# School Debt For Farmers



## Vol (Jul 5, 2009)

From Growing Tennessee...

Regards, Mike

http://growingtennessee.com/news/2015/06/law-would-forgive-some-school-debt-farmersnews/?utm_source=Growing+Tennessee&utm_campaign=8fde48f321-growingtennessee-daily_newsletter&utm_medium=email&utm_term=0_d75710df8e-8fde48f321-296641129


----------



## Teslan (Aug 20, 2011)

I don't really agree with forgiveness for any debt, but maybe they will have grants or maybe they already do in about 10 years when my son will start college instead of this forgiveness program.


----------



## Dill (Nov 5, 2010)

Ha, 30k of student debt? Thats weak. We had around 150 when we got married. Paid it off in 10 years.


----------



## rjmoses (Apr 4, 2010)

I would like all my debts forgiven----Oh, wait, I don't have any--Hang on, while I go out and buy some farm land and equipment--Be right back.

Ralph


----------



## Vol (Jul 5, 2009)

I must say, it does have a liberal ring to it. 

Regards, Mike


----------



## deadmoose (Oct 30, 2011)

That's a stupid idea to a non existant problem. I see they mention gov employees as well as teachers. Yet another handout.

If someone wants to go into school debt by all means go for it. But plan on paying it off. No reason I should subsidize 4 years of playing for someone else.


----------



## deadmoose (Oct 30, 2011)

Dill said:


> Ha, 30k of student debt? Thats weak. We had around 150 when we got married. Paid it off in 10 years.


Wow! How much schooling?


----------



## somedevildawg (Jun 20, 2011)

Dill said:


> Ha, 30k of student debt? Thats weak. We had around 150 when we got married. Paid it off in 10 years.


I agree, 30k won't get you a year of school at a large university......


----------



## Teslan (Aug 20, 2011)

Take away the student loan programs and school tuition would come down pretty fast. I blame student loans is one of the biggest reasons tuition costs so much.


----------



## RockmartGA (Jun 29, 2011)

Here in GA, we have a program called the HOPE Scholarship. Funded by the Lottery, it basically provided tuition stipends for tuition and books for Ga students who maintained a 3.0 GPA. It worked great for the first few years until the colleges began admitting anyone with a heartbeat. I think at one point, the drop out rate for first year students was around 55%.

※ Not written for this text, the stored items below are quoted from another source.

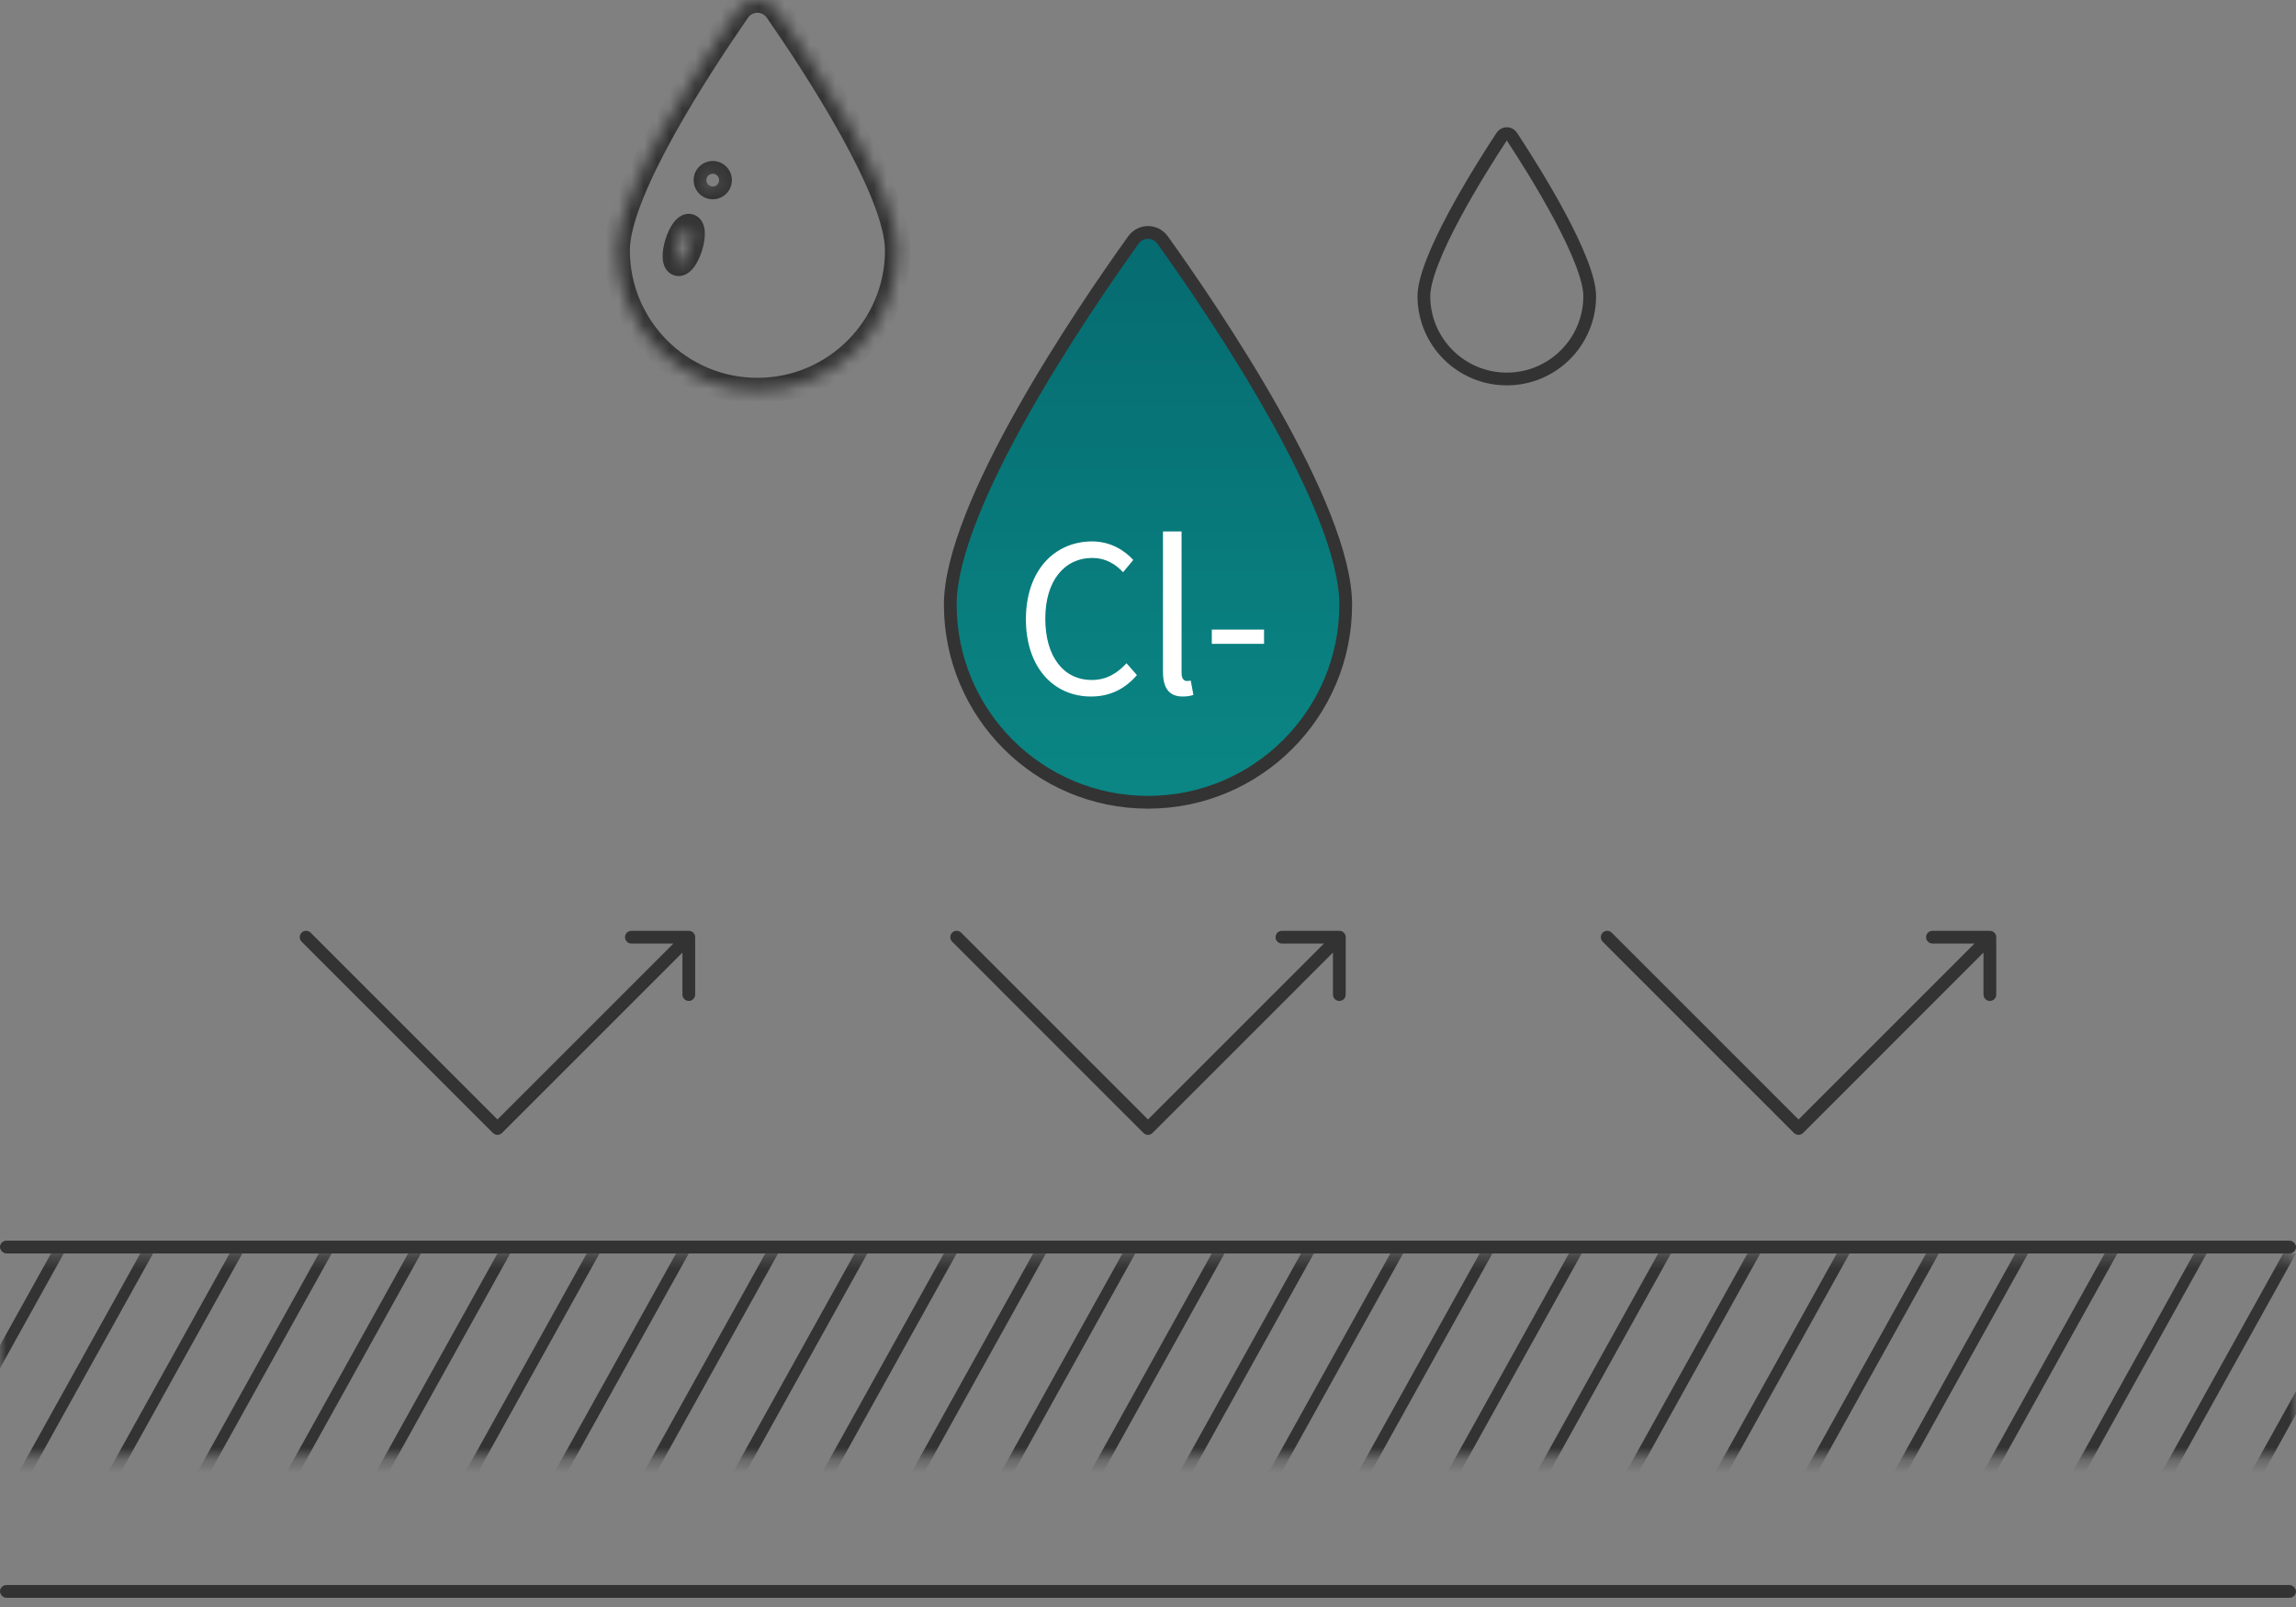 <svg width="180" height="126" viewBox="0 0 180 126" fill="none" xmlns="http://www.w3.org/2000/svg">
<rect x="0" y="0" width="180" height="126" fill="#808080" stroke="none"/>
<rect y="97.278" width="180" height="1" rx="0.5" fill="#333333"/>
<rect y="124.278" width="180" height="1" rx="0.5" fill="#333333"/>
<mask id="path-3-inside-1_1723_4263" fill="white">
<path fill-rule="evenodd" clip-rule="evenodd" d="M70.379 19.624C70.379 25.699 65.454 30.624 59.379 30.624C53.304 30.624 48.379 25.699 48.379 19.624C48.379 14.992 54.775 5.213 57.813 0.83C58.58 -0.277 60.178 -0.277 60.945 0.83C63.983 5.213 70.379 14.992 70.379 19.624ZM56.379 14.124C56.379 14.4 56.155 14.624 55.879 14.624C55.603 14.624 55.379 14.4 55.379 14.124C55.379 13.848 55.603 13.624 55.879 13.624C56.155 13.624 56.379 13.848 56.379 14.124ZM53.155 20.636C53.418 20.719 53.833 20.145 54.08 19.354C54.328 18.564 54.315 17.856 54.051 17.773C53.788 17.691 53.373 18.265 53.126 19.055C52.878 19.846 52.891 20.554 53.155 20.636Z"/>
</mask>
<path d="M57.813 0.83L58.635 1.4L57.813 0.83ZM60.945 0.83L60.123 1.4V1.4L60.945 0.83ZM54.08 19.354L55.034 19.653H55.034L54.08 19.354ZM54.051 17.773L53.752 18.728L53.752 18.728L54.051 17.773ZM53.126 19.055L54.08 19.354L53.126 19.055ZM59.379 31.624C66.006 31.624 71.379 26.252 71.379 19.624H69.379C69.379 25.147 64.902 29.624 59.379 29.624V31.624ZM47.379 19.624C47.379 26.252 52.752 31.624 59.379 31.624V29.624C53.856 29.624 49.379 25.147 49.379 19.624H47.379ZM56.991 0.261C55.464 2.464 53.084 6.035 51.082 9.649C50.081 11.455 49.165 13.29 48.496 14.982C47.836 16.651 47.379 18.273 47.379 19.624H49.379C49.379 18.659 49.721 17.321 50.356 15.717C50.981 14.136 51.853 12.383 52.831 10.618C54.787 7.089 57.124 3.58 58.635 1.4L56.991 0.261ZM61.767 0.261C60.602 -1.42 58.156 -1.42 56.991 0.261L58.635 1.4C59.004 0.867 59.754 0.867 60.123 1.4L61.767 0.261ZM71.379 19.624C71.379 18.273 70.922 16.651 70.262 14.982C69.593 13.29 68.677 11.455 67.676 9.649C65.674 6.035 63.294 2.464 61.767 0.261L60.123 1.4C61.634 3.58 63.971 7.089 65.926 10.618C66.904 12.383 67.777 14.136 68.402 15.717C69.036 17.321 69.379 18.659 69.379 19.624H71.379ZM55.879 15.624C56.707 15.624 57.379 14.953 57.379 14.124H55.379C55.379 13.848 55.603 13.624 55.879 13.624V15.624ZM54.379 14.124C54.379 14.953 55.05 15.624 55.879 15.624V13.624C56.155 13.624 56.379 13.848 56.379 14.124H54.379ZM55.879 12.624C55.05 12.624 54.379 13.296 54.379 14.124H56.379C56.379 14.4 56.155 14.624 55.879 14.624V12.624ZM57.379 14.124C57.379 13.296 56.707 12.624 55.879 12.624V14.624C55.603 14.624 55.379 14.4 55.379 14.124H57.379ZM53.126 19.055C53.025 19.377 52.902 19.614 52.813 19.737C52.765 19.804 52.759 19.792 52.811 19.757C52.851 19.729 53.102 19.572 53.453 19.682L52.856 21.591C53.339 21.742 53.74 21.544 53.94 21.407C54.151 21.263 54.315 21.074 54.434 20.908C54.68 20.568 54.887 20.123 55.034 19.653L53.126 19.055ZM53.752 18.728C53.401 18.618 53.285 18.345 53.267 18.3C53.245 18.241 53.256 18.235 53.258 18.317C53.26 18.469 53.227 18.734 53.126 19.055L55.034 19.653C55.181 19.184 55.265 18.7 55.257 18.28C55.254 18.076 55.227 17.828 55.136 17.588C55.05 17.362 54.834 16.971 54.35 16.819L53.752 18.728ZM54.08 19.354C54.181 19.033 54.304 18.796 54.393 18.672C54.441 18.606 54.447 18.618 54.395 18.653C54.355 18.681 54.104 18.838 53.752 18.728L54.35 16.819C53.867 16.668 53.465 16.866 53.266 17.002C53.054 17.147 52.892 17.336 52.772 17.502C52.526 17.842 52.319 18.287 52.172 18.757L54.08 19.354ZM53.453 19.682C53.805 19.792 53.921 20.064 53.939 20.11C53.961 20.169 53.95 20.175 53.948 20.093C53.946 19.941 53.98 19.676 54.08 19.354L52.172 18.757C52.025 19.226 51.941 19.71 51.949 20.13C51.952 20.334 51.978 20.582 52.07 20.822C52.156 21.047 52.372 21.439 52.856 21.591L53.453 19.682Z" fill="#333333" mask="url(#path-3-inside-1_1723_4263)"/>
<path d="M124.629 23.215C124.629 26.805 121.719 29.715 118.129 29.715C114.539 29.715 111.629 26.805 111.629 23.215C111.629 22.549 111.872 21.614 112.305 20.503C112.732 19.404 113.324 18.181 113.979 16.956C115.288 14.506 116.827 12.083 117.743 10.689C117.93 10.405 118.328 10.405 118.514 10.689C119.43 12.083 120.97 14.506 122.279 16.956C122.934 18.181 123.526 19.404 123.953 20.503C124.386 21.614 124.629 22.549 124.629 23.215Z" stroke="#333333"/>
<path d="M105.5 47.403C105.5 55.964 98.56 62.903 90 62.903C81.44 62.903 74.5 55.964 74.5 47.403C74.5 45.512 75.124 43.136 76.156 40.516C77.185 37.904 78.602 35.092 80.149 32.342C83.245 26.841 86.844 21.625 88.85 18.824C89.423 18.024 90.577 18.024 91.15 18.824C93.156 21.625 96.755 26.841 99.851 32.342C101.398 35.092 102.815 37.904 103.844 40.516C104.876 43.136 105.5 45.512 105.5 47.403Z" fill="url(#paint0_linear_1723_4263)" stroke="#333333"/>
<path d="M85.532 54.611C87.052 54.611 88.204 54.003 89.132 52.931L88.316 52.003C87.564 52.819 86.716 53.315 85.596 53.315C83.356 53.315 81.948 51.459 81.948 48.499C81.948 45.571 83.42 43.747 85.644 43.747C86.652 43.747 87.436 44.211 88.044 44.867L88.844 43.907C88.172 43.155 87.052 42.451 85.628 42.451C82.652 42.451 80.428 44.755 80.428 48.547C80.428 52.355 82.62 54.611 85.532 54.611ZM92.711 54.611C93.095 54.611 93.351 54.563 93.559 54.483L93.351 53.363C93.191 53.395 93.127 53.395 93.047 53.395C92.823 53.395 92.631 53.219 92.631 52.771V41.667H91.175V52.675C91.175 53.907 91.623 54.611 92.711 54.611ZM95.002 50.483H99.098V49.363H95.002V50.483Z" fill="white"/>
<mask id="mask0_1723_4263" style="mask-type:alpha" maskUnits="userSpaceOnUse" x="0" y="98" width="180" height="17">
<rect y="98.278" width="180" height="16" rx="1" fill="#333333"/>
</mask>
<g mask="url(#mask0_1723_4263)">
<path fill-rule="evenodd" clip-rule="evenodd" d="M-9 98.278H-10L-20 116.278H-19L-9 98.278ZM-2 98.278H-3L-13 116.278H-12L-2 98.278ZM4 98.278H5L-5 116.278H-6L4 98.278ZM12 98.278H11L1 116.278H2L12 98.278ZM18 98.278H19L9 116.278H8L18 98.278ZM26 98.278H25L15 116.278H16L26 98.278ZM32 98.278H33L23 116.278H22L32 98.278ZM40 98.278H39L29 116.278H30L40 98.278ZM46 98.278H47L37 116.278H36L46 98.278ZM54 98.278H53L43 116.278H44L54 98.278ZM60 98.278H61L51 116.278H50L60 98.278ZM68 98.278H67L57 116.278H58L68 98.278ZM74 98.278H75L65 116.278H64L74 98.278ZM82 98.278H81L71 116.278H72L82 98.278ZM88 98.278H89L79 116.278H78L88 98.278ZM96 98.278H95L85 116.278H86L96 98.278ZM102 98.278H103L93 116.278H92L102 98.278ZM110 98.278H109L99 116.278H100L110 98.278ZM116 98.278H117L107 116.278H106L116 98.278ZM124 98.278H123L113 116.278H114L124 98.278ZM130 98.278H131L121 116.278H120L130 98.278ZM138 98.278H137L127 116.278H128L138 98.278ZM144 98.278H145L135 116.278H134L144 98.278ZM152 98.278H151L141 116.278H142L152 98.278ZM158 98.278H159L149 116.278H148L158 98.278ZM166 98.278H165L155 116.278H156L166 98.278ZM172 98.278H173L163 116.278H162L172 98.278ZM180 98.278H179L169 116.278H170L180 98.278ZM186 98.278H187L177 116.278H176L186 98.278ZM194 98.278H193L183 116.278H184L194 98.278ZM200 98.278H201L191 116.278H190L200 98.278ZM208 98.278H207L197 116.278H198L208 98.278ZM214 98.278H215L205 116.278H204L214 98.278ZM222 98.278H221L211 116.278H212L222 98.278ZM228 98.278H229L219 116.278H218L228 98.278ZM236 98.278H235L225 116.278H226L236 98.278ZM242 98.278H243L233 116.278H232L242 98.278ZM250 98.278H249L239 116.278H240L250 98.278ZM256 98.278H257L247 116.278H246L256 98.278ZM264 98.278H263L253 116.278H254L264 98.278ZM270 98.278H271L261 116.278H260L270 98.278ZM278 98.278H277L267 116.278H268L278 98.278ZM284 98.278H285L275 116.278H274L284 98.278ZM292 98.278H291L281 116.278H282L292 98.278ZM298 98.278H299L289 116.278H288L298 98.278ZM306 98.278H305L295 116.278H296L306 98.278ZM312 98.278H313L303 116.278H302L312 98.278ZM320 98.278H319L309 116.278H310L320 98.278ZM326 98.278H327L317 116.278H316L326 98.278ZM334 98.278H333L323 116.278H324L334 98.278Z" fill="#333333"/>
</g>
<path d="M75.354 73.128C75.158 72.933 74.842 72.933 74.646 73.128C74.451 73.324 74.451 73.64 74.646 73.835L75.354 73.128ZM90 88.482L89.646 88.835C89.842 89.031 90.158 89.031 90.354 88.835L90 88.482ZM105.5 73.482C105.5 73.206 105.276 72.982 105 72.982L100.5 72.982C100.224 72.982 100 73.206 100 73.482C100 73.758 100.224 73.982 100.5 73.982L104.5 73.982V77.982C104.5 78.258 104.724 78.482 105 78.482C105.276 78.482 105.5 78.258 105.5 77.982V73.482ZM74.646 73.835L89.646 88.835L90.354 88.128L75.354 73.128L74.646 73.835ZM90.354 88.835L105.354 73.835L104.646 73.128L89.646 88.128L90.354 88.835Z" fill="#333333"/>
<path d="M24.354 73.128C24.158 72.933 23.842 72.933 23.646 73.128C23.451 73.324 23.451 73.64 23.646 73.835L24.354 73.128ZM39 88.482L38.646 88.835C38.842 89.031 39.158 89.031 39.354 88.835L39 88.482ZM54.5 73.482C54.5 73.206 54.276 72.982 54 72.982L49.5 72.982C49.224 72.982 49 73.206 49 73.482C49 73.758 49.224 73.982 49.5 73.982L53.5 73.982V77.982C53.5 78.258 53.724 78.482 54 78.482C54.276 78.482 54.5 78.258 54.5 77.982V73.482ZM23.646 73.835L38.646 88.835L39.354 88.128L24.354 73.128L23.646 73.835ZM39.354 88.835L54.354 73.835L53.646 73.128L38.646 88.128L39.354 88.835Z" fill="#333333"/>
<path d="M126.354 73.128C126.158 72.933 125.842 72.933 125.646 73.128C125.451 73.324 125.451 73.64 125.646 73.835L126.354 73.128ZM141 88.482L140.646 88.835C140.842 89.031 141.158 89.031 141.354 88.835L141 88.482ZM156.5 73.482C156.5 73.206 156.276 72.982 156 72.982L151.5 72.982C151.224 72.982 151 73.206 151 73.482C151 73.758 151.224 73.982 151.5 73.982L155.5 73.982V77.982C155.5 78.258 155.724 78.482 156 78.482C156.276 78.482 156.5 78.258 156.5 77.982V73.482ZM125.646 73.835L140.646 88.835L141.354 88.128L126.354 73.128L125.646 73.835ZM141.354 88.835L156.354 73.835L155.646 73.128L140.646 88.128L141.354 88.835Z" fill="#333333"/>
<defs>
<linearGradient id="paint0_linear_1723_4263" x1="90" y1="16.403" x2="90" y2="63.403" gradientUnits="userSpaceOnUse">
<stop stop-color="#056A70"/>
<stop offset="1" stop-color="#0B8785"/>
</linearGradient>
</defs>
</svg>

What happened is that students, who really had no business going to college, would get accepted and attend school. First semester, they failed a couple of classes and got put on probation. Second semester, they continued with their poor study habits and lost the HOPE Scholarship. Students basically went to school free for year before they dropped out.

The problem was twofold: 1) they wasted funds that could have gone to students who were more serious about their grades and 2) colleges acted like drunken sailors with all the new money coming in. They kept increasing tuition and fees all the while knowing the students wouldn't make it to year two. The freshmen classes were taught by low price graduate assistants and part time professors. Colleges were rolling in the dough.

In my opinion, they should have made the Hope Scholarship a reimbursement program where the student pays tuition up front and gets reimbursed upon successful completion of the class.

So now, the Hope Scholarship has been cut way back before they went broke. Colleges are pushing students into loans, knowing full well that there is no way in hell a student should amass a debt load of $60-70k and come out of college only qualified for a $30k / year job.

The college finance departments are not your friends...


----------



## somedevildawg (Jun 20, 2011)

You said a mouthful Rockmart.....that's exactly what has happened here. Another problem we face, even if you do make it thru and get a degree, they've been so devalued in the last 10-20 yrs that the piece of paper you paid so much for is worth even less. My daughter recently qualified for the Zell Miller scholarship (very high GPA) and will be attending UGA in 15 days for summer classes. Thankfully, this will be my last thru the institutes of higher learning.


----------